Datacenter Challenges in Selecting Hardware, Selecting Software, Creating Balanced Systems
Datacenter Challenges in Selecting Hardware, Selecting Software,
and Creating Balanced Systems
Dr. John R Busch, CTO and Founder
Datacenter quality-of-service and total cost of ownership have a major impact on the success of any enterprise. Solution architects and datacenter managers seek architectures and deployments that provide excellent performance scalability and high service availability to effectively meet rising service demand, while controlling capital and operating expenses.
Tremendous technology advances have been made in recent years. But it is a major engineering effort to define and develop highly-effective hardware and software architectures and deployment technologies and implementations that can meet datacenter performance, availability and cost objectives.
In order to deliver cost-effective, high-performance, highly-available solutions, we need to carefully integrate technologies to create balanced networked system configurations for targeted workloads.
When configuring servers for a workload, we must ask:
- How much DRAM, how many processor cores, what storage (flash, hard disk drives)?
- Are the software and hardware effectively integrated?
- What caching levels are required to exploit DRAM and flash and disk access time and bandwidth variations?
- Is there sufficient thread-level parallelism and concurrency control to exploit more processor cores and flash IOPS?
Service availability is as important as performance scalability.
- To what extent should failure tolerance be handled by replication at the component level (e.g. RAID of hard disks and flash drives, redundant fans and power supplies, etc.), between systems with low-level replication and recovery mechanisms, or at the distributed application level?
How much networking capacity is required between clients and servers and among servers?
Where are the performance bottlenecks? How can the performance scalability be improved? What is the resulting service availability, and how can it be improved and at what cost? What is the total cost of ownership, and how is it affected by technology choices we are considering?
Technology selection is complicated by confusion in the market around the relative benefits of different technologies.

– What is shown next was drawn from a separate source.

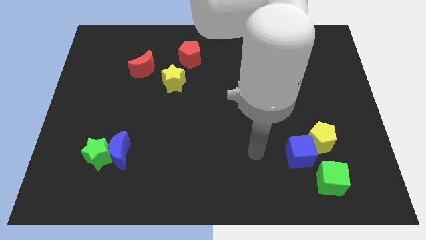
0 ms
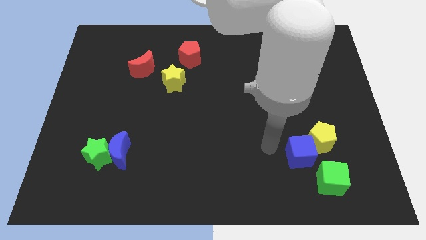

- When combined into a standard server with real workloads, what is the application-level performance difference, system cost difference, and the actual resulting Price/Performance of using $15,000 PCI-e based flash cards as opposed to an array of $750 flash SSDs ?
- How much application-level performance improvement will be achieved by going to servers with 6- and 8- core processors vs 4-core processors, and what is the resulting price/performance?
- To what extent will 10/40 Gb Ethernet or Infiniband technology improve data center quality-of-service, and at what cost?
- Which applications are best suited to a SQL or NoSQL data-access architecture?
- For which application scenarios can Cassandra, Couch, MongoDB, etc. effectively replace databases and what is the resulting scalability, performance, availability, and cost?
Which experiments, measurement and analysis tools, and studies can help determine the best technology choices, balanced system configurations, and the optimal software, high availability, and deployment architectures for your workloads?
Our Schooner research focuses on answering these questions.